Hussein also notes that while temporary aid addresses immediate hunger, it does not guarantee long-term food security. “I may not be hungry at the moment, but [will] be uncertain whether I’ll be able to secure my next meal,” Hussein says.
Social protection experts speak of social inclusion as a key approach, and it entails more long-term spending on health and education and a broader view that extends beyond improving people’s financial status.
Hussein concludes that charitable initiatives such as Abwab al-Kheir can be considered as a supplement to the state’s network of social protection programs.
Within the very act of charity, that is not staged as social protection, there are different views on what is the most preferable kind of support.
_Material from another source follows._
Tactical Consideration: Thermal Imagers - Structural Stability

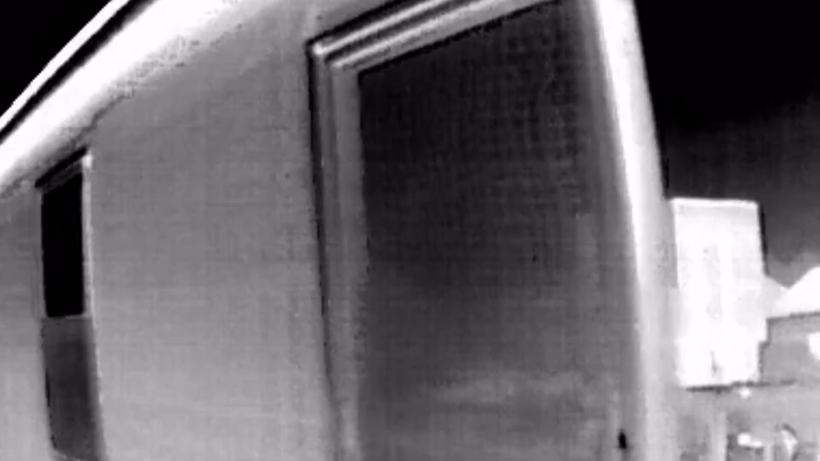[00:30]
These allow firefighters to see like never before and prove extremely beneficial for not only search and rescue operations,
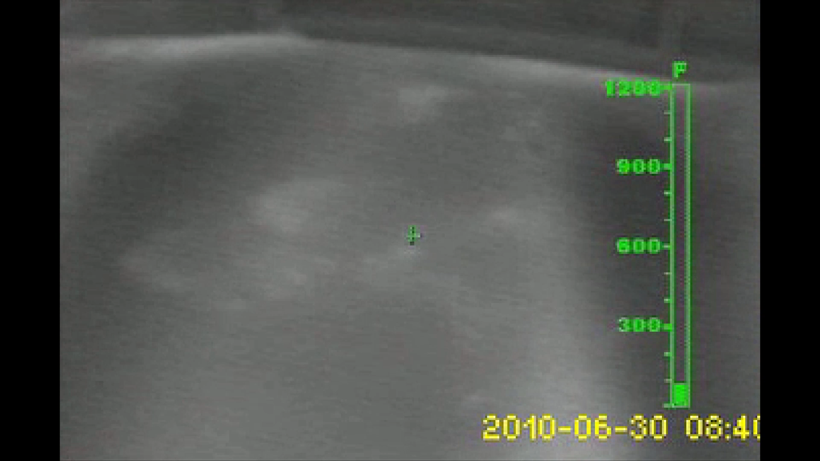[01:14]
This is critical when firefighters are operating above a potential basement fire.
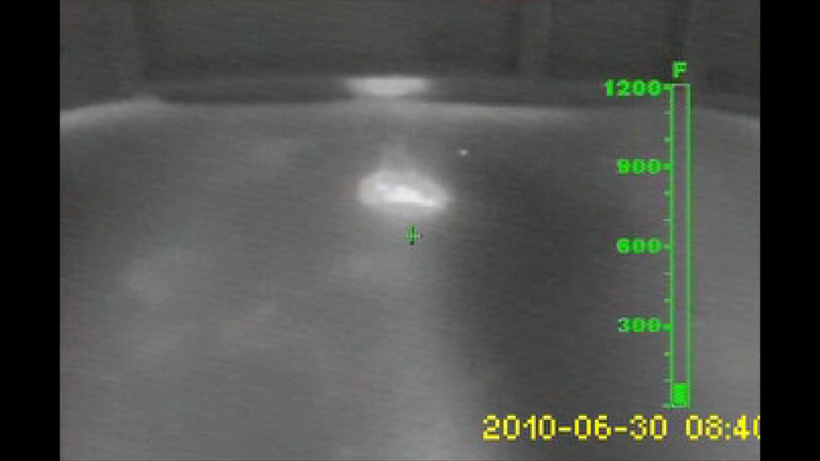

Two more sources — one who owns a charity organization and another who does charity work independently — tell Mada Masr that when it comes to food security in Ramadan, food boxes prove to be more effective than cash support.
The owner of the charity organization argues that providing a family with food staples helps with security for several days and prevents cash support going toward non essential items. They say that oftentimes, other household concerns like debt can consume the money.
The first source involved in charity work prefers supermarket coupons, because they allow families the freedom to choose what they want. “Going into a supermarket can itself be a source of pleasure for some families,” he says. They add that in Ramadan, people tend to take boxes from different sources, and that risks redundancy and food going bad.
Abwab al-Kheir comes after the government announced an LE40 billion social support package days ahead of Ramadan. In the new package, the state increased the cash allocations it granted to social support beneficiaries as part of the shift from in-kind subsidies on commodities to a cash support system. Parliamentarians also described the exceptional package to Mada Masr at the time as part of a similar shift in policy to that entailed in Abwab al-Kheir: one that sees the state deprioritize dedicated social investment, leaving in-kind social protection hanging on occasional, intermittent interventions.